Records for the task:
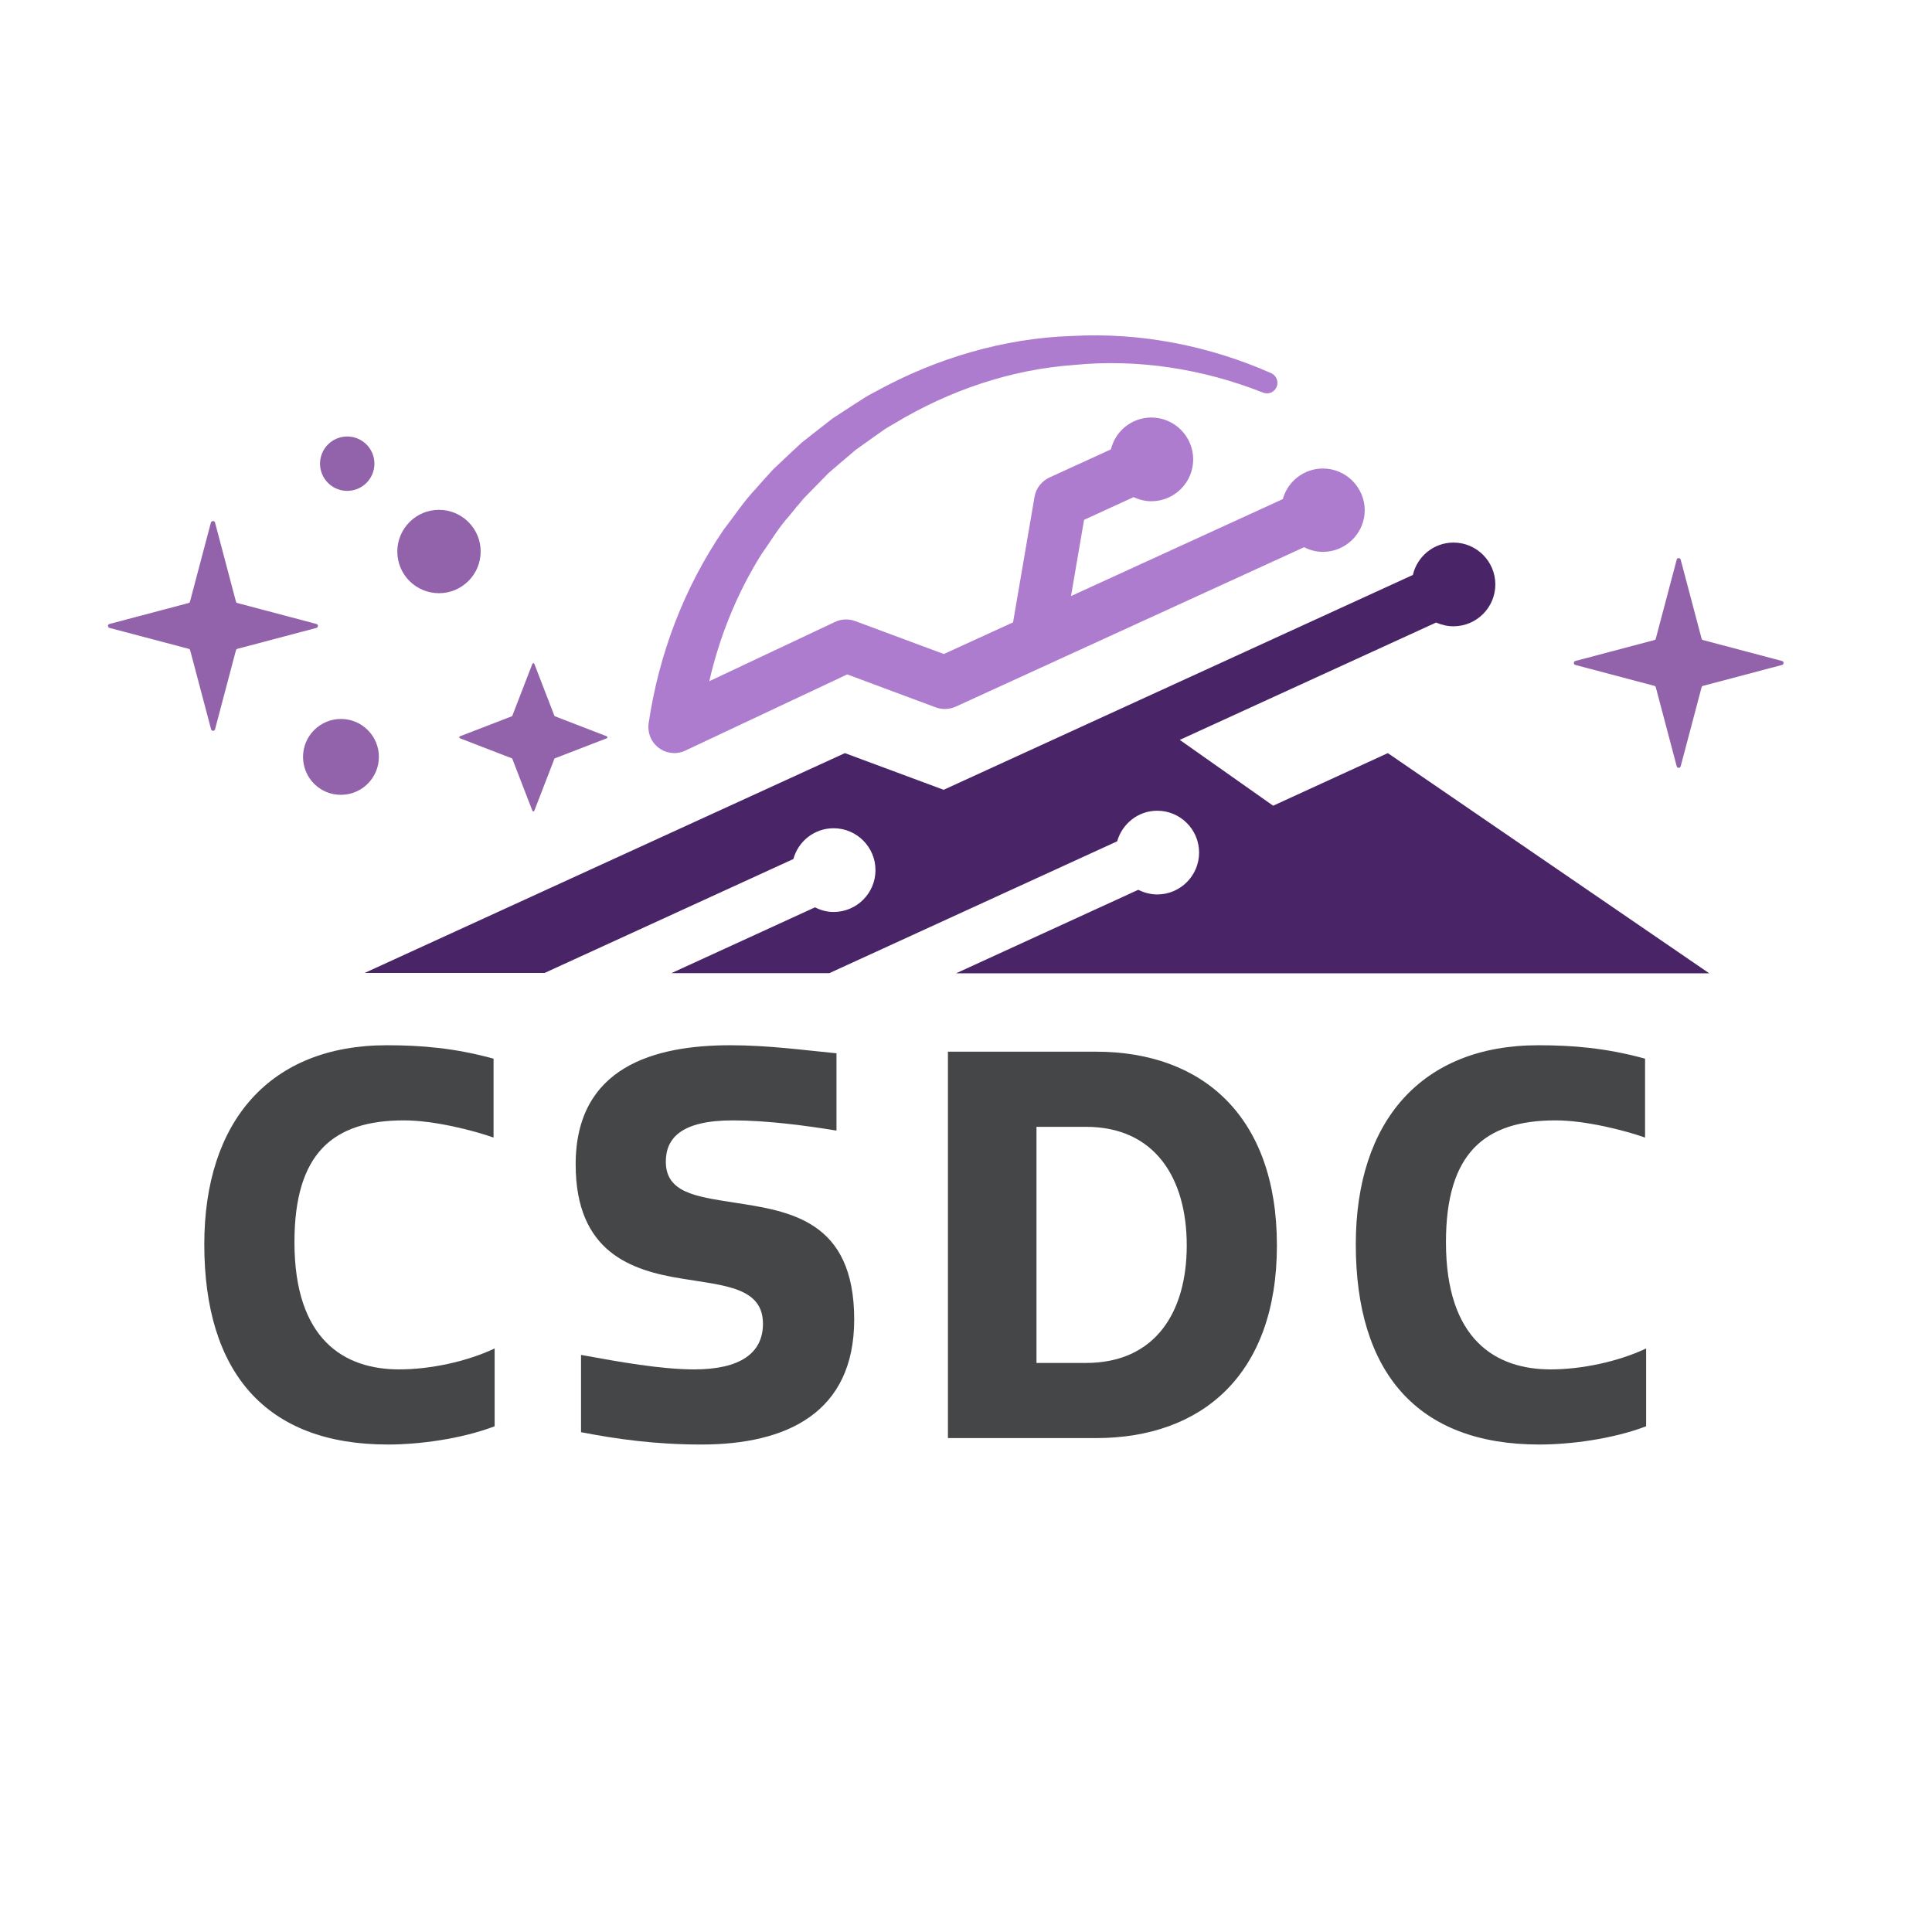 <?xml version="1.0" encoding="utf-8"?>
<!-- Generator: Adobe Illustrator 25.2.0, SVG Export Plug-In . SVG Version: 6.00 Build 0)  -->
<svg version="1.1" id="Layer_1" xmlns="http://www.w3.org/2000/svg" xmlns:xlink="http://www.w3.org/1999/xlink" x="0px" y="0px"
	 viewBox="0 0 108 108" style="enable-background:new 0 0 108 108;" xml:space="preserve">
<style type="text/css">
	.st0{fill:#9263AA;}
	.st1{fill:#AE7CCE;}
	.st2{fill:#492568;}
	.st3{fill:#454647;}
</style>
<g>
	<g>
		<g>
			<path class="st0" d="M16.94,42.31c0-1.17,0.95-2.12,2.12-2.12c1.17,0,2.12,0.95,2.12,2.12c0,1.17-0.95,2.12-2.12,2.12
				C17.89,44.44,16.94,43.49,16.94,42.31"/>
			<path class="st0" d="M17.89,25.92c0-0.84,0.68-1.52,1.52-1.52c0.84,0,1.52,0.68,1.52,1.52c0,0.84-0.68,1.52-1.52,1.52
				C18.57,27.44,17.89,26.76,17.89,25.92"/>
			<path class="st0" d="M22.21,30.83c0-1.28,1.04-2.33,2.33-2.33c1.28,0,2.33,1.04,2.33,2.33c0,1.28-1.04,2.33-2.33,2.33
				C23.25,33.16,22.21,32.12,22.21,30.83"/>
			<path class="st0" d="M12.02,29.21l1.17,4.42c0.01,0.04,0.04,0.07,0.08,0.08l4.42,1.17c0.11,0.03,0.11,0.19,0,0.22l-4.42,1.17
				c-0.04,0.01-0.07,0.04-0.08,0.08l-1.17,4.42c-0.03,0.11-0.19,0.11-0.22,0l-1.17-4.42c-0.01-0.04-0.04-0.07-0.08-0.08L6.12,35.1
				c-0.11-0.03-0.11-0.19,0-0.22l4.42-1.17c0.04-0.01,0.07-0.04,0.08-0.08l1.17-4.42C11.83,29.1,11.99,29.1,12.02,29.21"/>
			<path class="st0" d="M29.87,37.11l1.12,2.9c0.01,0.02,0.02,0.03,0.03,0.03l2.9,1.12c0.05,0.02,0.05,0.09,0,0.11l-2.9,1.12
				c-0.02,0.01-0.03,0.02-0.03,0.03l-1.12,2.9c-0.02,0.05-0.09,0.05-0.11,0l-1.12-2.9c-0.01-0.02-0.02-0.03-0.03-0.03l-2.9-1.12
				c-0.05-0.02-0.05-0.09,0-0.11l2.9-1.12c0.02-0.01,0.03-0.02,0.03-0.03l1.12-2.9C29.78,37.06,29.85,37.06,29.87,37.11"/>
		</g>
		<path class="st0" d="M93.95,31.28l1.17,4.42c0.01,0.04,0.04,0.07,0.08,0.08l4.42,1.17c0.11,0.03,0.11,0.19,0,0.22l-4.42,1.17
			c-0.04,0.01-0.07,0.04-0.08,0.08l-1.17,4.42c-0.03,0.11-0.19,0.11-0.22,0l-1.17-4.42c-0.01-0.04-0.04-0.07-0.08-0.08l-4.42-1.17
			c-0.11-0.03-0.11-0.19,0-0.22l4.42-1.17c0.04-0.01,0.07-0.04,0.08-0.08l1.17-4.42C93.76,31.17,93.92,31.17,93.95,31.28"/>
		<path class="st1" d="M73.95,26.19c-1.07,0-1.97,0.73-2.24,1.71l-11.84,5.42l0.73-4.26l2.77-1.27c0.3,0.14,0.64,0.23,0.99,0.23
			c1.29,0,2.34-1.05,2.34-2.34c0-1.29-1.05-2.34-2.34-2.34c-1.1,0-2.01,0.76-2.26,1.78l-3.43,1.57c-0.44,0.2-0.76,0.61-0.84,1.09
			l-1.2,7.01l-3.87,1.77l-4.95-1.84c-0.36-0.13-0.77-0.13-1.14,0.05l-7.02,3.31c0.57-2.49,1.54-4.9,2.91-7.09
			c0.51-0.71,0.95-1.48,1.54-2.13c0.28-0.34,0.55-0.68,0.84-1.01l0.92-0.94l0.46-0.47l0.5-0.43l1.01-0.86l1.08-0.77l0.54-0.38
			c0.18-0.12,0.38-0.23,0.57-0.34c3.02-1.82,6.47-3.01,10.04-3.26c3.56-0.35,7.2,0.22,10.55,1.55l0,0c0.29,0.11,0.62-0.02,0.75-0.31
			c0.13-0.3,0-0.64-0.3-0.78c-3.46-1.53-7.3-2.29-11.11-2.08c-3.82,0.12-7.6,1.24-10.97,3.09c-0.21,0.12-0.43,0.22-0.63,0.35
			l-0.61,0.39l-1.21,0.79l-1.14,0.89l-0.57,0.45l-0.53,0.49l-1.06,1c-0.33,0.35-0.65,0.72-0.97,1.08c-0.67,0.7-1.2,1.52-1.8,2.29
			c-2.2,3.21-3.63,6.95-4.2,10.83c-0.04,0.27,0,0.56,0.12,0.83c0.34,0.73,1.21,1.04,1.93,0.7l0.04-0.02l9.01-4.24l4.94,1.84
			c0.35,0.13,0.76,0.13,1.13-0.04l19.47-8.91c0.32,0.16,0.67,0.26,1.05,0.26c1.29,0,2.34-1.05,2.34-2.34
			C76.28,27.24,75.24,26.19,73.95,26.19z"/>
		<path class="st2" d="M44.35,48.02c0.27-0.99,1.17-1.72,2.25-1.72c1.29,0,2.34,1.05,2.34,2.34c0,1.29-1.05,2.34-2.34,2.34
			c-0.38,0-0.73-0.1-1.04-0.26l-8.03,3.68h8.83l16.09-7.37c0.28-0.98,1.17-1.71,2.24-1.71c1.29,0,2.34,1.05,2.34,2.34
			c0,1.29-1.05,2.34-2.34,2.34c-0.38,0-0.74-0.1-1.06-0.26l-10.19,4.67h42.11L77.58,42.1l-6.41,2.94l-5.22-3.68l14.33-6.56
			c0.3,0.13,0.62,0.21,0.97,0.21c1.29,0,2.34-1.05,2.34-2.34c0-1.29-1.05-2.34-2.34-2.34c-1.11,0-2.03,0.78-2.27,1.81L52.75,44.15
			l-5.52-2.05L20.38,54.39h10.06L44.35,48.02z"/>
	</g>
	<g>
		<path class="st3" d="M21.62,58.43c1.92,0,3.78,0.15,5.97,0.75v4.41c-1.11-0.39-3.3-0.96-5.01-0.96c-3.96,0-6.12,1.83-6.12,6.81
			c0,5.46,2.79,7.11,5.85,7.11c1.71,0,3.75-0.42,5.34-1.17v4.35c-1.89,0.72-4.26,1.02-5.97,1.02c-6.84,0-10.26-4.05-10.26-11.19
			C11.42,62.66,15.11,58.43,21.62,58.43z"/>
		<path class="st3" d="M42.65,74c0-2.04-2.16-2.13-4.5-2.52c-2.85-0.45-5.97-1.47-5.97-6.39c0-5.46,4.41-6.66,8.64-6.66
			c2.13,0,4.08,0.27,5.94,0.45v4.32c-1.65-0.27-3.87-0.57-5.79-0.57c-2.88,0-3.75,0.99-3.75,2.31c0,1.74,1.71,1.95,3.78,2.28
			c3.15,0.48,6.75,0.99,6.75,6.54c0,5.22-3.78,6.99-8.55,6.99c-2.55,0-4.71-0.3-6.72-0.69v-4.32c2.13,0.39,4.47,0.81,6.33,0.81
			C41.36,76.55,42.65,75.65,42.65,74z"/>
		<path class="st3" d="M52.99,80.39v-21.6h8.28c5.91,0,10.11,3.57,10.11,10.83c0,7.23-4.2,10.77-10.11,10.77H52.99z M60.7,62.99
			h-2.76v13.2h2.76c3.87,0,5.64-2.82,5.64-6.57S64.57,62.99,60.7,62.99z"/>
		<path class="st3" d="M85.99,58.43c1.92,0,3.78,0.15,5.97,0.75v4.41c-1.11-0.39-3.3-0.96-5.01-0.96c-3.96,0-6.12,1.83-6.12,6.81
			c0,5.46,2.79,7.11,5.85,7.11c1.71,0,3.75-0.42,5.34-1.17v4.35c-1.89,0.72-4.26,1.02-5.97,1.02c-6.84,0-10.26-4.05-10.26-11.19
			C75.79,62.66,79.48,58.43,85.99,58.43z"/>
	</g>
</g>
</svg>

Task to carry out: Only a number is wanted here: how many lines of the records above hold the word "style".

Task result: 3